Reviewing files that changed from the base of the PR and between d19f4f5 and 70d4eee.

📒 Files selected for processing (5)

examples/speculative_decoding/README.md (1 hunks)
examples/speculative_decoding/collect_hidden_states/compute_hidden_states_trtllm.py (3 hunks)
examples/speculative_decoding/eagle_utils.py (3 hunks)
examples/speculative_decoding/launch_train.sh (3 hunks)
examples/speculative_decoding/main.py (1 hunks)

🧰 Additional context used

🧬 Code graph analysis (1)

examples/speculative_decoding/eagle_utils.py (1)

modelopt/torch/utils/logging.py (1)

print_rank_0 (92-95)

⏰ Context from checks skipped due to timeout of 90000ms. You can increase the timeout in your CodeRabbit configuration to a maximum of 15 minutes (900000ms). (1)

GitHub Check: linux

🔇 Additional comments (12)

examples/speculative_decoding/README.md (1)

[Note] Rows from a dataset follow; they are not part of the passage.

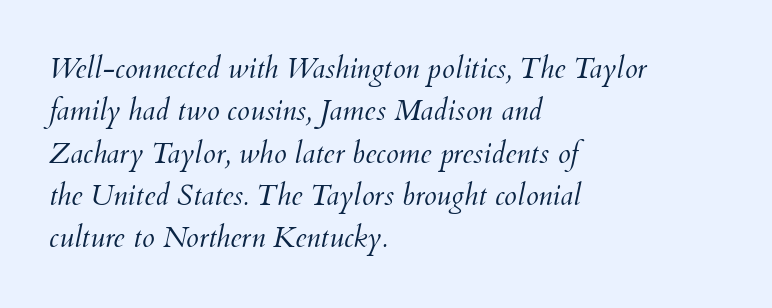
Q: Is the text bold? A: No.
Q: Is the text italic (slanted)? A: Yes, it leans right by about 12 degrees.
Q: Is the text underlined? A: No.
Q: How is the paragraph aligned? A: Left-aligned.
Q: Is the spacing between letters normal or unusually wide? A: Normal.
Q: Is the spacing between lines tight, normal or loose? A: Normal.
Q: Width (condensed, normal, or wide)? A: Normal.
Q: Stroke contrast? A: Medium.
Q: x-height? A: Small.
Q: Monospaced? A: No.
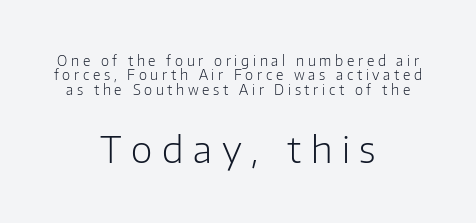
Q: Is the text bold? A: No.
Q: Is the text italic (slanted)? A: No, it is upright.
Q: Is the typeface a serif or a sans-serif typeface? A: Sans-serif.
Q: Is the text underlined? A: No.
Q: How is the paragraph aligned? A: Centered.
Q: Is the spacing between letters normal or unusually wide? A: Unusually wide.
Q: Is the spacing between lines tight, normal or loose? A: Tight.
Q: Which block of text is set in a larger size, the first (top) or the second (bottom)? A: The second (bottom) one.
Q: Width (condensed, normal, or wide)? A: Normal.
Q: Stroke contrast? A: Low.
Q: x-height? A: Medium.
Q: Monospaced? A: No.

315-315: LGTM! Documentation updated to reflect expanded model support.

The support matrix now correctly includes QWen versions 1.5, 2, 2.5, and 3, aligning with the PR's goal of adding Qwen3 model support.

examples/speculative_decoding/main.py (1)

95-95: LGTM! Clean addition of progress bar control.

The new disable_tqdm field follows the established pattern for training arguments and addresses the PR objective to prevent CI logging overflow.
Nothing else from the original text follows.